In other countries, where for the .01% plutocrats what the 99% holds seems not to suffice they are now looking for the other 0.99 %. Tax the wealth and, at the end of the day, without further changes, most of it will come back to fewer and fewer Plutocrats.

Translated from El Universal, Caracas Note: You will not find the link. I was censored in my homeland Venezuela 

PS. Legend holds it that when Otelo Saraiva de Carvalho, chief strategist of the 1974’s Carnation Revolution in Lisbon, told Sweden’s Olof Palme: “In Portugal we want to get rid of the rich”, Palme replied, “how curious, in Sweden we only aspire to get rid of the poor” 

Monday, April 14, 2014

Thomas Piketty. Would you tax wealth if this only benefited even more some few oligarchs?

We begin to hear proposals about taxing wealth, like that presented by Thomas Piketty in “Capital in the Twenty First Century

Taxing wealth might reduce the fever of inequality, but it does not attack its causes. In fact, forcing the sale of assets, which is where wealth is stored, in order to increase the consumption of the less well off, might direction the funds away from those who have earned their wealth naturally, to those who earn it thanks to market imperfections, or to outright crony capitalism.

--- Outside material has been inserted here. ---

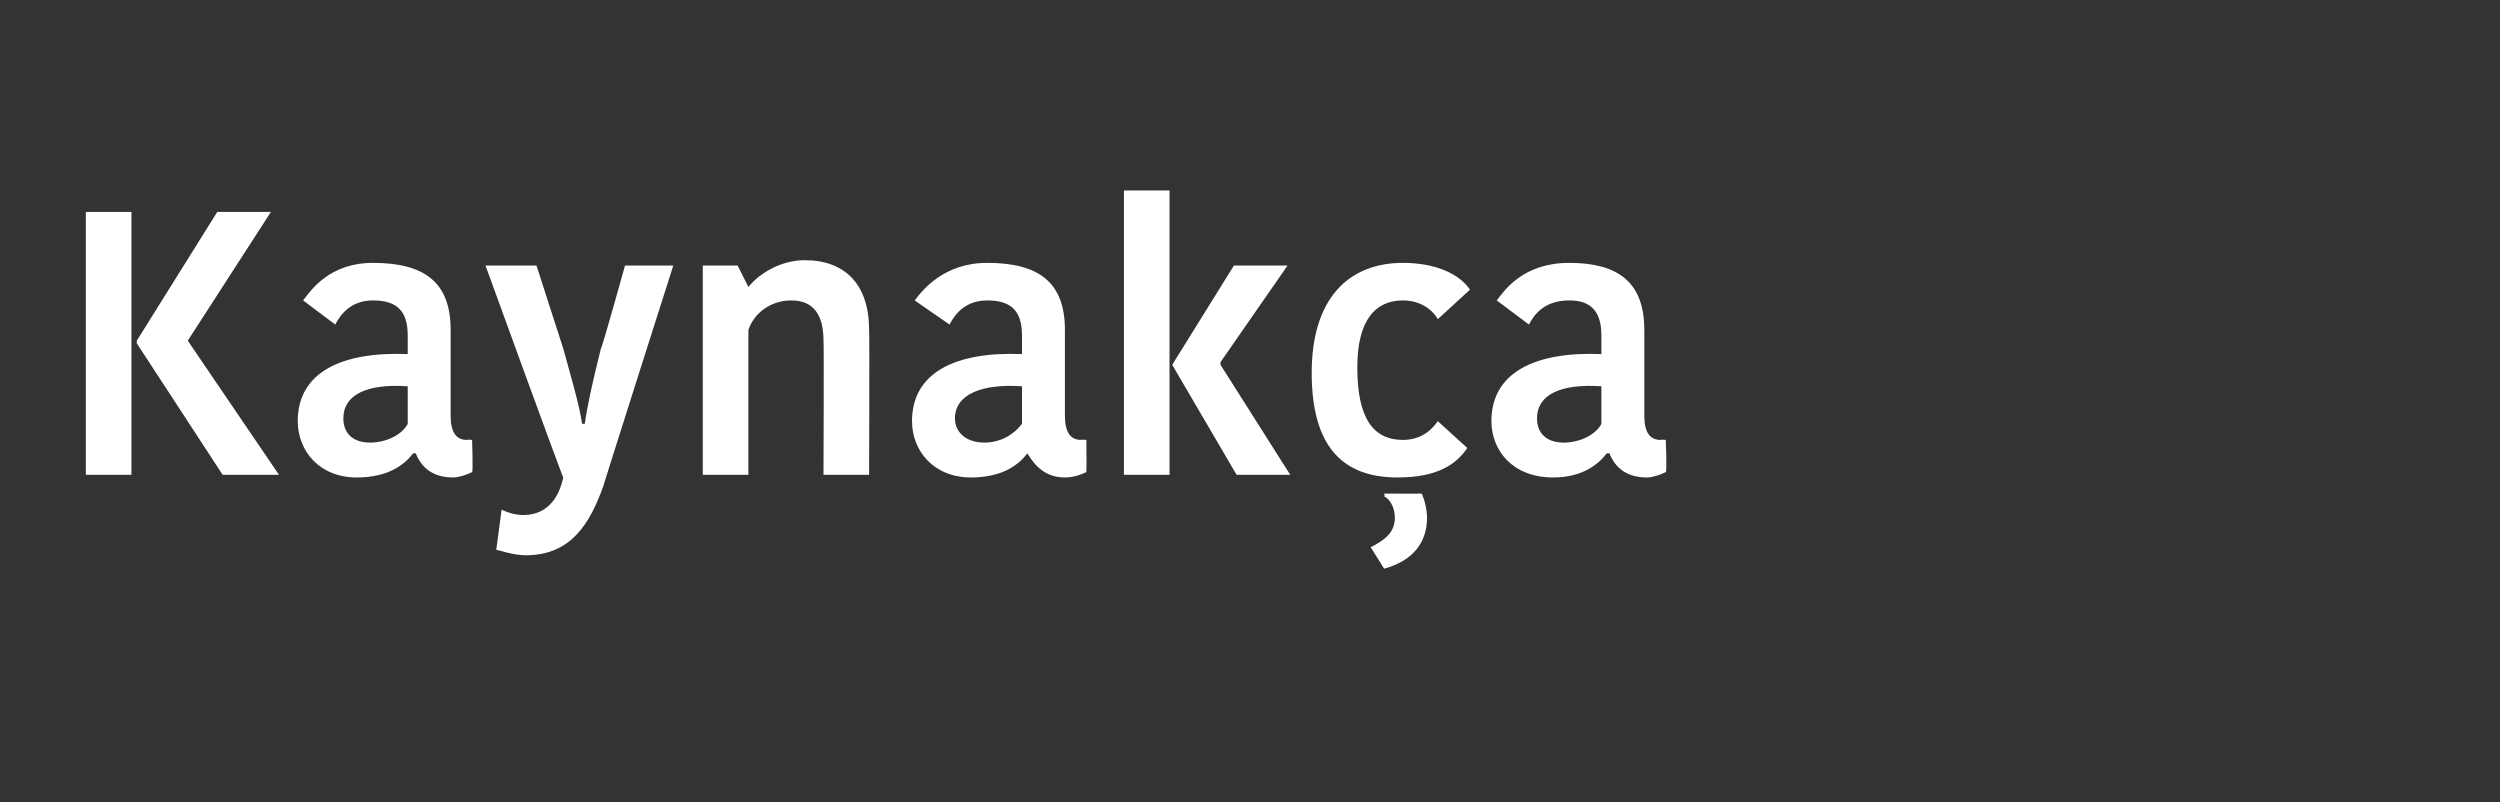 <?xml version="1.0" standalone="no"?><!DOCTYPE svg PUBLIC "-//W3C//DTD SVG 1.1//EN" "http://www.w3.org/Graphics/SVG/1.1/DTD/svg11.dtd"><svg xmlns="http://www.w3.org/2000/svg" version="1.1" width="93.2px" height="29.9px" viewBox="0 -2 93.2 29.9" style="top:-2px"><rect x="0" y="-2" width="93.2" height="29.9" fill="#333333" stroke="none"/>  <desc>Kaynak a</desc>  <defs/>  <g id="Polygon346267">    <path d="M 4.9 15.7 L 3.2 15.7 L 3.2 5.9 L 4.9 5.9 L 4.9 15.7 Z M 8.1 5.9 L 10.1 5.9 L 7 10.7 L 10.4 15.7 L 8.3 15.7 L 5.1 10.8 L 5.1 10.7 L 8.1 5.9 Z M 15.2 12.4 C 13.7 12.3 12.8 12.7 12.8 13.6 C 12.8 14.1 13.1 14.5 13.8 14.5 C 14.4 14.5 15 14.2 15.2 13.8 C 15.2 13.8 15.2 12.4 15.2 12.4 Z M 16.8 10.3 C 16.8 10.3 16.8 13.5 16.8 13.5 C 16.8 14.1 17 14.4 17.4 14.4 C 17.43 14.38 17.6 14.4 17.6 14.4 C 17.6 14.4 17.64 15.59 17.6 15.6 C 17.4 15.7 17.1 15.8 16.9 15.8 C 16.1 15.8 15.7 15.4 15.5 14.9 C 15.5 14.9 15.4 14.9 15.4 14.9 C 15.1 15.3 14.5 15.8 13.3 15.8 C 11.9 15.8 11.1 14.8 11.1 13.7 C 11.1 11.9 12.7 11.1 15.2 11.2 C 15.2 11.2 15.2 10.5 15.2 10.5 C 15.2 9.5 14.7 9.2 13.9 9.2 C 13.1 9.2 12.7 9.7 12.5 10.1 C 12.5 10.1 11.3 9.2 11.3 9.2 C 11.6 8.8 12.3 7.8 13.9 7.8 C 15.8 7.8 16.8 8.5 16.8 10.3 Z M 18.7 17 C 18.9 17.1 19.2 17.2 19.5 17.2 C 20.3 17.2 20.8 16.7 21 15.8 C 20.96 15.78 18.1 7.9 18.1 7.9 L 20 7.9 C 20 7.9 21 11 21 11 C 21.3 12.1 21.6 13.1 21.7 13.8 C 21.7 13.8 21.8 13.8 21.8 13.8 C 21.9 13.1 22.1 12.2 22.4 11 C 22.44 11 23.3 7.9 23.3 7.9 L 25.1 7.9 C 25.1 7.9 22.47 16.15 22.5 16.1 C 22 17.5 21.3 18.7 19.6 18.7 C 19.1 18.7 18.6 18.5 18.5 18.5 C 18.5 18.5 18.7 17 18.7 17 Z M 32.4 15.7 L 30.7 15.7 C 30.7 15.7 30.72 10.69 30.7 10.7 C 30.7 9.7 30.3 9.2 29.5 9.2 C 28.7 9.2 28.1 9.7 27.9 10.3 C 27.9 10.29 27.9 15.7 27.9 15.7 L 26.2 15.7 L 26.2 7.9 L 27.5 7.9 L 27.9 8.7 C 27.9 8.7 27.92 8.67 27.9 8.7 C 28.3 8.2 29.1 7.7 30 7.7 C 31.5 7.7 32.4 8.6 32.4 10.3 C 32.42 10.31 32.4 15.7 32.4 15.7 Z M 38.1 12.4 C 36.6 12.3 35.6 12.7 35.6 13.6 C 35.6 14.1 36 14.5 36.7 14.5 C 37.3 14.5 37.8 14.2 38.1 13.8 C 38.1 13.8 38.1 12.4 38.1 12.4 Z M 39.7 10.3 C 39.7 10.3 39.7 13.5 39.7 13.5 C 39.7 14.1 39.9 14.4 40.3 14.4 C 40.3 14.38 40.5 14.4 40.5 14.4 C 40.5 14.4 40.51 15.59 40.5 15.6 C 40.3 15.7 40 15.8 39.7 15.8 C 39 15.8 38.6 15.4 38.3 14.9 C 38.3 14.9 38.3 14.9 38.3 14.9 C 38 15.3 37.4 15.8 36.2 15.8 C 34.8 15.8 34 14.8 34 13.7 C 34 11.9 35.6 11.1 38.1 11.2 C 38.1 11.2 38.1 10.5 38.1 10.5 C 38.1 9.5 37.6 9.2 36.8 9.2 C 36 9.2 35.6 9.7 35.4 10.1 C 35.4 10.1 34.1 9.2 34.1 9.2 C 34.4 8.8 35.2 7.8 36.8 7.8 C 38.7 7.8 39.7 8.5 39.7 10.3 Z M 43.6 15.7 L 41.9 15.7 L 41.9 5.1 L 43.6 5.1 L 43.6 15.7 Z M 43.7 11.6 L 46 7.9 L 48 7.9 L 45.5 11.5 L 45.5 11.6 L 48.1 15.7 L 46.1 15.7 L 43.7 11.6 L 43.7 11.6 Z M 52.3 7.8 C 53.5 7.8 54.4 8.2 54.8 8.8 C 54.8 8.8 53.6 9.9 53.6 9.9 C 53.5 9.7 53.1 9.2 52.3 9.2 C 51.3 9.2 50.6 9.9 50.6 11.7 C 50.6 13.6 51.2 14.4 52.3 14.4 C 53 14.4 53.4 14 53.6 13.7 C 53.6 13.7 54.7 14.7 54.7 14.7 C 54.3 15.3 53.6 15.8 52.1 15.8 C 50.1 15.8 48.9 14.7 48.9 11.9 C 48.9 9.1 50.3 7.8 52.3 7.8 Z M 51.6 19.2 C 51.6 19.2 51.1 18.4 51.1 18.4 C 51.7 18.1 52 17.8 52 17.3 C 52 16.9 51.8 16.6 51.6 16.5 C 51.64 16.47 51.6 16.4 51.6 16.4 C 51.6 16.4 52.97 16.41 53 16.4 C 53.1 16.6 53.2 17 53.2 17.3 C 53.2 18.2 52.7 18.9 51.6 19.2 Z M 59.7 12.4 C 58.2 12.3 57.3 12.7 57.3 13.6 C 57.3 14.1 57.6 14.5 58.3 14.5 C 58.9 14.5 59.5 14.2 59.7 13.8 C 59.7 13.8 59.7 12.4 59.7 12.4 Z M 61.3 10.3 C 61.3 10.3 61.3 13.5 61.3 13.5 C 61.3 14.1 61.5 14.4 61.9 14.4 C 61.94 14.38 62.1 14.4 62.1 14.4 C 62.1 14.4 62.15 15.59 62.1 15.6 C 61.9 15.7 61.6 15.8 61.4 15.8 C 60.6 15.8 60.2 15.4 60 14.9 C 60 14.9 59.9 14.9 59.9 14.9 C 59.6 15.3 59 15.8 57.9 15.8 C 56.4 15.8 55.6 14.8 55.6 13.7 C 55.6 11.9 57.2 11.1 59.7 11.2 C 59.7 11.2 59.7 10.5 59.7 10.5 C 59.7 9.5 59.2 9.2 58.5 9.2 C 57.6 9.2 57.2 9.7 57 10.1 C 57 10.1 55.8 9.2 55.8 9.2 C 56.1 8.8 56.8 7.8 58.5 7.8 C 60.3 7.8 61.3 8.5 61.3 10.3 Z " stroke="none" fill="#fff"/>  </g></svg>

An in such a way it could undermine even more the meritocratic values on which democratic societies are based, something that Piketty himself would seem to abhor.

In other words, if in Russia, would you tax wealth if that benefited the oligarchs?

I believe it would be better to concentrate on what is causing unjust artificial inequality and in this respect I could mention the following possibilities.

Like to eliminate the concept of risk weighted capital requirements for banks which channels bank credit away from “the risky”, in much a proxy for the poor, to “the infallible”, in much a proxy for the wealthy.

Like to increase the tax on all those profits which have originated under the protection of intellectual property rights. There is no reason for these to be taxed at the same rate as profits obtained from competing naked in the markets.

Finally, let´s give it a thought to what would have happened to all that unequally accumulated wealth, had not TARP and Quantitative Easing come to its rescue.

Just the fact that, except for religious considerations, when in the grave, we’re all equal, and the Gini coefficient is zero, should not mean we should hurry to get there... I think.